**Required action:**
From the line containing "Q: Is the text bold? A: No." down to the line containing "Q: Monospaced? A: No." in the records below, reproduce every line exactly, ends included, and omit all others.

**Source material:**
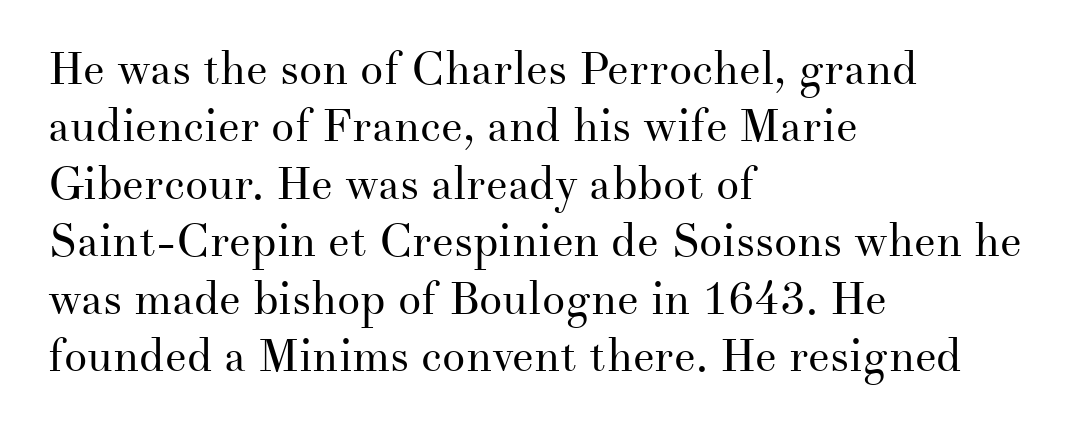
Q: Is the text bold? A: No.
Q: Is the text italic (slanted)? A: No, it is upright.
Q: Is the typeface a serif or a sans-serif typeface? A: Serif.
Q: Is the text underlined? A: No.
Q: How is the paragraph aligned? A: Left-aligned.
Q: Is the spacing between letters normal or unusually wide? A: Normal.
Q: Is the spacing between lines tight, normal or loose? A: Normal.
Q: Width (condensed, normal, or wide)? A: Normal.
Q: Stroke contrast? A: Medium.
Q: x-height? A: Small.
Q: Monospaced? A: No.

--

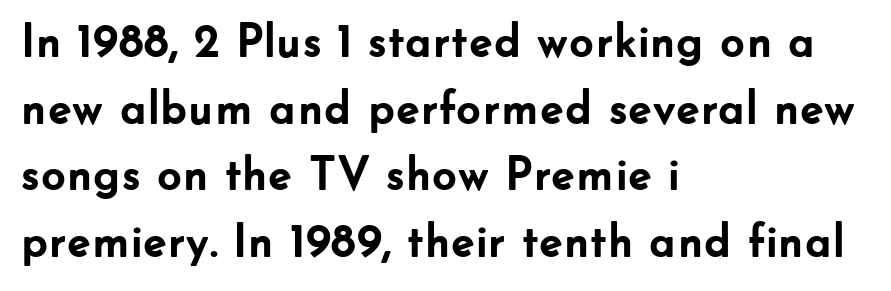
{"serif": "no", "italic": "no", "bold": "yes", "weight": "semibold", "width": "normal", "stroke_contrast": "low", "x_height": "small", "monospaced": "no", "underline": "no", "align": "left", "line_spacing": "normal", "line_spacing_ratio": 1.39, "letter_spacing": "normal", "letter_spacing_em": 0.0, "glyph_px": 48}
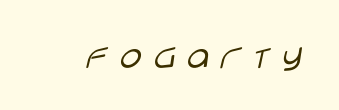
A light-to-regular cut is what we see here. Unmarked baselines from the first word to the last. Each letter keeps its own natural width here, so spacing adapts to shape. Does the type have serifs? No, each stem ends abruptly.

**Task solution:**
Q: Is the text bold? A: No.
Q: Is the text italic (slanted)? A: No, it is upright.
Q: Is the typeface a serif or a sans-serif typeface? A: Serif.
Q: Is the text underlined? A: No.
Q: How is the paragraph aligned? A: Left-aligned.
Q: Is the spacing between letters normal or unusually wide? A: Normal.
Q: Is the spacing between lines tight, normal or loose? A: Normal.
Q: Width (condensed, normal, or wide)? A: Normal.
Q: Stroke contrast? A: Medium.
Q: x-height? A: Small.
Q: Monospaced? A: No.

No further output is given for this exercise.